Joshuah Bledsoe

Profile
- Position: Safety

Personal information
- Born: December 30, 1998 (age 27) Houston, Texas, U.S.
- Listed height: 6 ft 0 in (1.83 m)
- Listed weight: 208 lb (94 kg)

Career information
- High school: Dekaney (Spring, Texas)
- College: Missouri (2017–2020)
- NFL draft: 2021: 6th round, 188th overall pick

Career history
- New England Patriots (2021–2023); San Antonio Brahmas (2025)*; Pittsburgh Steelers (2025)*; Tennessee Titans (2025)*; Washington Commanders (2026)*;
- * Offseason or practice squad member only

Career NFL statistics as of 2025
- Tackles: 1
- Stats at Pro Football Reference

= Joshuah Bledsoe =

American football player (born 1998)

Joshuah Bledsoe (born December 30, 1998) is an American professional football safety. He played college football for the Missouri Tigers. He was selected by the New England Patriots in the sixth round of the 2021 NFL draft.

==Early life==
Bledsoe attended Dekaney High School in Spring, Texas. He played safety, cornerback and running back in high school. He committed to the University of Missouri to play college football.

==College career==
Bledsoe played at Missouri from 2017 to 2020. During his career, he had 130 tackles, one interception and one sack over 46 games.

==Professional career==

Pre-draft measurables
| Height | Weight | Arm length | Hand span |
| 5 ft 11+3⁄8 in (1.81 m) | 204 lb (93 kg) | 30+3⁄4 in (0.78 m) | 9+5⁄8 in (0.24 m) |
All values from Pro Day

=== New England Patriots ===
Bledsoe was selected by the New England Patriots in the sixth round, 188th overall, of the 2021 NFL draft. He signed his four-year rookie contract on May 13, 2021. He was placed on the active/non-football injury list at the start of training camp on July 21, 2021. He was placed on the reserve list to start the season. He was activated on December 14. He was placed on injured reserve on December 30 with a calf injury.

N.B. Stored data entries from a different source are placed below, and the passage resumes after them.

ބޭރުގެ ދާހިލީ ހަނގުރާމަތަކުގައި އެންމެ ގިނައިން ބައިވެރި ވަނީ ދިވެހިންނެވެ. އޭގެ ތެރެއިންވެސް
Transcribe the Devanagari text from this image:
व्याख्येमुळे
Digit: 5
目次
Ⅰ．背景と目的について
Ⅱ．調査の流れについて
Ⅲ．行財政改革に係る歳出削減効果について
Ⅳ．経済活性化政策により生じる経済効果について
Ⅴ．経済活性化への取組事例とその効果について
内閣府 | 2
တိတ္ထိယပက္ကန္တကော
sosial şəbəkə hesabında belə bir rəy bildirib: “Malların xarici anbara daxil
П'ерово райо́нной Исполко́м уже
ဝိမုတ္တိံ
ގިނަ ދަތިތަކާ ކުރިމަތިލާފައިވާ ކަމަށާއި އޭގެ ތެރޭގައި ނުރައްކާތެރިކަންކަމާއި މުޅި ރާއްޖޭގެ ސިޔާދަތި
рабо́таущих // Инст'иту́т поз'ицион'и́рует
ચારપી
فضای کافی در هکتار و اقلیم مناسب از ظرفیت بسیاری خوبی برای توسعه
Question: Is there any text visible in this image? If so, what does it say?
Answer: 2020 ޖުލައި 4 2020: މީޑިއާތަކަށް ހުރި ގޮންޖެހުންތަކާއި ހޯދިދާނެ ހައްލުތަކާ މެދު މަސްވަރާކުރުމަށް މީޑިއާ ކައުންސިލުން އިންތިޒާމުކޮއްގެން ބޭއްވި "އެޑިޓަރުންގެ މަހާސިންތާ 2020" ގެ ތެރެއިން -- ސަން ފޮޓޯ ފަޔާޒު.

On August 29, 2023, Bledsoe was waived by the Patriots and re-signed to the practice squad. He was promoted to the active roster on December 30.

On August 28, 2024, Bledsoe was waived by the Patriots.

=== San Antonio Brahmas ===
On November 21, 2024, Bledsoe signed with the San Antonio Brahmas of the United Football League (UFL).

===Pittsburgh Steelers===
On January 14, 2025, Bledsoe signed a reserve/future contract with the Pittsburgh Steelers. He was released by Pittsburgh on June 5.

===Tennessee Titans===
On August 5, 2025, Bledsoe signed with the Tennessee Titans. He was waived on August 25, 2025.

=== Washington Commanders ===
On August 25, 2026, Bledsoe signed with the Washington Commanders. Four days later, he was released as part of final roster cuts before the start of the 2026 season.